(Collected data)
* * * * * * *

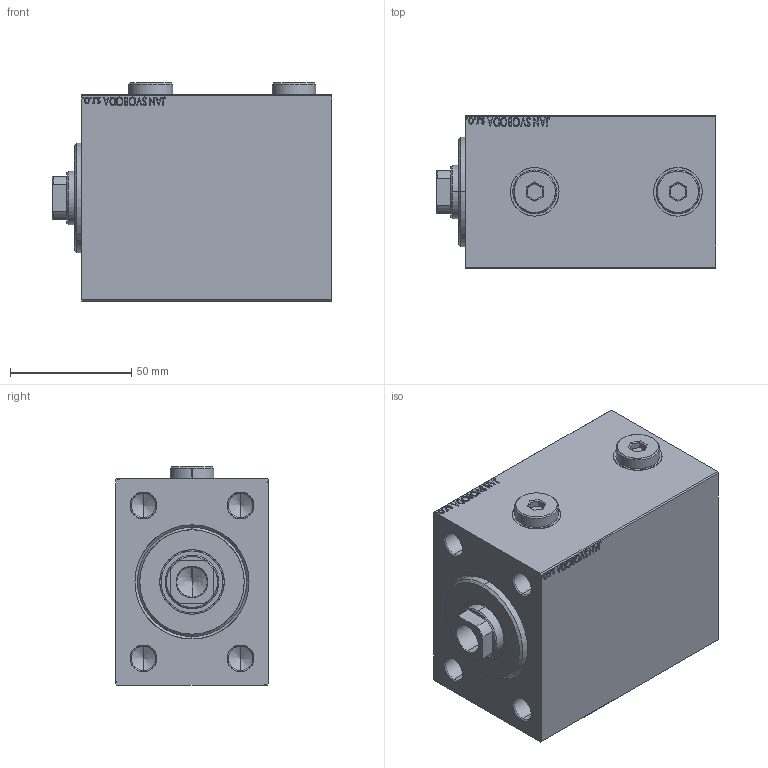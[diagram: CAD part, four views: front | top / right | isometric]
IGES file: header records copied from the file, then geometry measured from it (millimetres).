
Start section: SolidWorks IGES file using analytic representation for surfaces
Global section: file name: 1fbd.IGS; native system: SolidWorks 2019; preprocessor: SolidWorks 2019; author: Model3D; date: 240213.041707; units: millimetre
Bounding box: 115 x 63 x 89.9 mm (x, y, z)
Surface area: 79966.3 mm2 (no closed solid volume)
Topology: 0 solids, 0 shells, 935 faces, 12790 edges, 12772 vertices
Faces by surface type: bspline 815, revolution 120
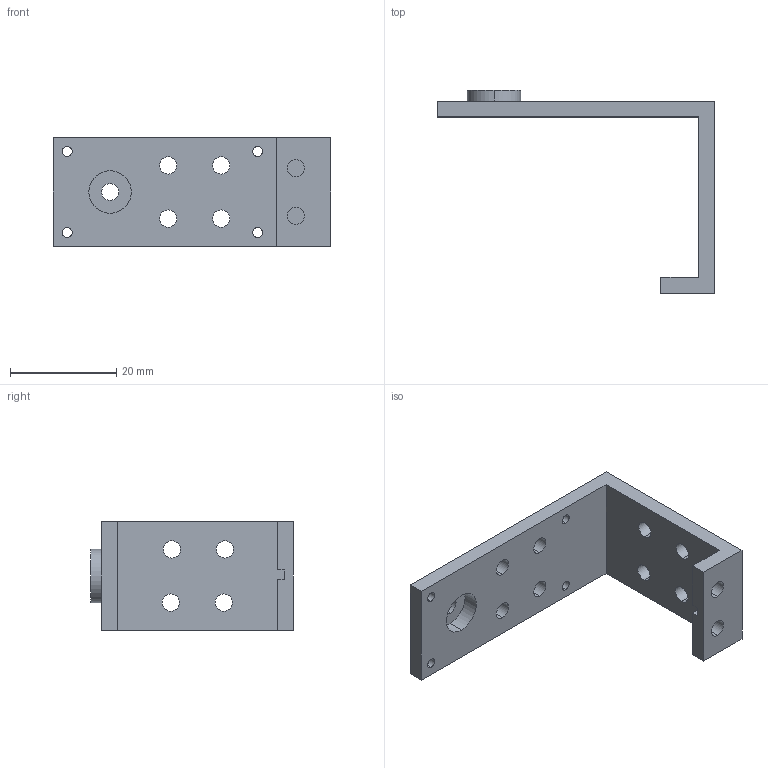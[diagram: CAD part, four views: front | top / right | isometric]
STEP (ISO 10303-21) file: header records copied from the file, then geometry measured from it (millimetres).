
FILE_DESCRIPTION (( 'STEP AP214' ), '1' );
FILE_NAME ('Servo Bracket New.STEP', '2022-06-02T07:59:34', ( '' ), ( '' ), 'SwSTEP 2.0', 'SolidWorks 2021', '' );
FILE_SCHEMA (( 'AUTOMOTIVE_DESIGN' ));
Length unit declared in the file: millimetre
Products named in the file (1): Servo Bracket New
Bounding box: 52.25 x 38.25 x 20.5 mm (x, y, z)
Volume: 5335 mm3; surface area: 4869.4 mm2
Topology: 1 solids, 1 shells, 62 faces, 162 edges, 108 vertices
Faces by surface type: cylinder 42, plane 20
Entity records: 2044 total; most frequent: DIRECTION 372, CARTESIAN_POINT 333, ORIENTED_EDGE 324, EDGE_CURVE 162, AXIS2_PLACEMENT_3D 147, VERTEX_POINT 108, EDGE_LOOP 98, CIRCLE 84
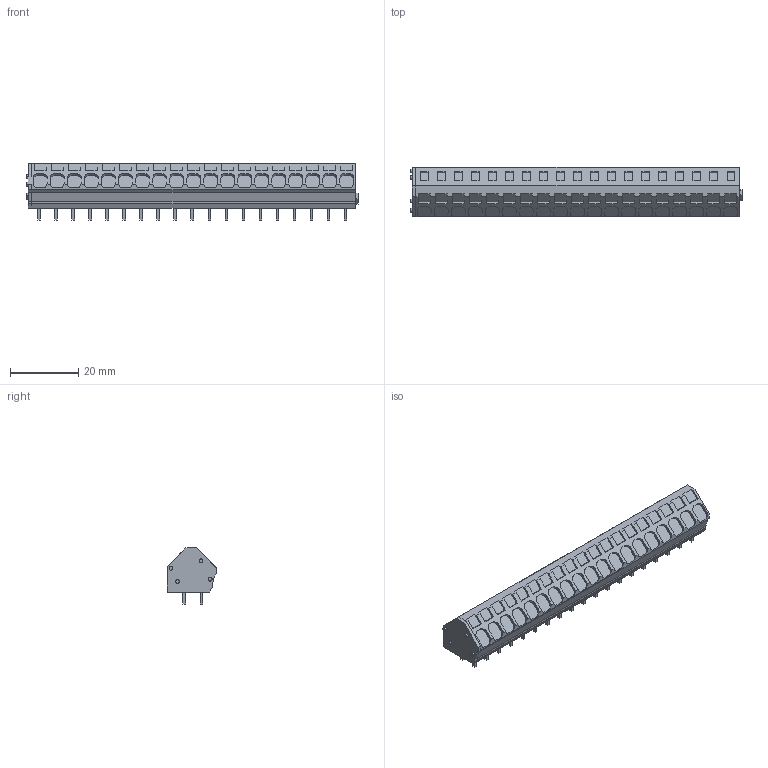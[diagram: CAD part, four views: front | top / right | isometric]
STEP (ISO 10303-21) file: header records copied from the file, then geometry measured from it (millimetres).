
FILE_DESCRIPTION(('CATIA V5R20 STEP214','CAx-IF Rec.Pracs.--- Model Styling and Organization---1.4--- 2014-01-23'),'2;1');
FILE_NAME ('028432-3_0', '2019-03-13T07:07:13+00:00', ('Weidmueller Interface'), ('Weidmueller'), 'CATIA Version 5-6 Release 2016 SP3 HF44', 'CATIA V5 STEP AP214', 'none');
FILE_SCHEMA(('AUTOMOTIVE_DESIGN { 1 0 10303 214 1 1 1 1 }'));
Length unit declared in the file: millimetre
Products named in the file (1): 1960200000
Bounding box: 97.5 x 14.5 x 16.48 mm (x, y, z)
Volume: 13605.4 mm3; surface area: 7179.4 mm2
Topology: 40 solids, 78 shells, 1102 faces, 2823 edges, 1901 vertices
Faces by surface type: plane 801, cylinder 301
Entity records: 30100 total; most frequent: CARTESIAN_POINT 6270, ORIENTED_EDGE 5646, DIRECTION 3519, EDGE_CURVE 2823, VECTOR 2164, LINE 2164, VERTEX_POINT 1901, EDGE_LOOP 1134

* * * * * * *

> [Required action] Retype the data exactly as it stands, but keep the images out of your copy.

> [Solution]
[diagram: CAD part, four views: front | top / right | isometric]
IGES file: header records copied from the file, then geometry measured from it (millimetres).
Start section: SolidWorks IGES file using analytic representation for surfaces
Global section: file name: 1fbd.IGS; native system: SolidWorks 2019; preprocessor: SolidWorks 2019; author: Model3D; date: 240213.041707; units: millimetre
Bounding box: 115 x 63 x 89.9 mm (x, y, z)
Surface area: 79966.3 mm2 (no closed solid volume)
Topology: 0 solids, 0 shells, 935 faces, 12790 edges, 12772 vertices
Faces by surface type: bspline 815, revolution 120
[diagram: CAD part, four views: front | top / right | isometric]
STEP (ISO 10303-21) file: header records copied from the file, then geometry measured from it (millimetres).
FILE_DESCRIPTION (( 'STEP AP214' ), '1' );
FILE_NAME ('Servo Bracket New.STEP', '2022-06-02T07:59:34', ( '' ), ( '' ), 'SwSTEP 2.0', 'SolidWorks 2021', '' );
FILE_SCHEMA (( 'AUTOMOTIVE_DESIGN' ));
Length unit declared in the file: millimetre
Products named in the file (1): Servo Bracket New
Bounding box: 52.25 x 38.25 x 20.5 mm (x, y, z)
Volume: 5335 mm3; surface area: 4869.4 mm2
Topology: 1 solids, 1 shells, 62 faces, 162 edges, 108 vertices
Faces by surface type: cylinder 42, plane 20
Entity records: 2044 total; most frequent: DIRECTION 372, CARTESIAN_POINT 333, ORIENTED_EDGE 324, EDGE_CURVE 162, AXIS2_PLACEMENT_3D 147, VERTEX_POINT 108, EDGE_LOOP 98, CIRCLE 84
[diagram: CAD part, four views: front | top / right | isometric]
STEP (ISO 10303-21) file: header records copied from the file, then geometry measured from it (millimetres).
FILE_DESCRIPTION(('CATIA V5R20 STEP214','CAx-IF Rec.Pracs.--- Model Styling and Organization---1.4--- 2014-01-23'),'2;1');
FILE_NAME ('028432-3_0', '2019-03-13T07:07:13+00:00', ('Weidmueller Interface'), ('Weidmueller'), 'CATIA Version 5-6 Release 2016 SP3 HF44', 'CATIA V5 STEP AP214', 'none');
FILE_SCHEMA(('AUTOMOTIVE_DESIGN { 1 0 10303 214 1 1 1 1 }'));
Length unit declared in the file: millimetre
Products named in the file (1): 1960200000
Bounding box: 97.5 x 14.5 x 16.48 mm (x, y, z)
Volume: 13605.4 mm3; surface area: 7179.4 mm2
Topology: 40 solids, 78 shells, 1102 faces, 2823 edges, 1901 vertices
Faces by surface type: plane 801, cylinder 301
Entity records: 30100 total; most frequent: CARTESIAN_POINT 6270, ORIENTED_EDGE 5646, DIRECTION 3519, EDGE_CURVE 2823, VECTOR 2164, LINE 2164, VERTEX_POINT 1901, EDGE_LOOP 1134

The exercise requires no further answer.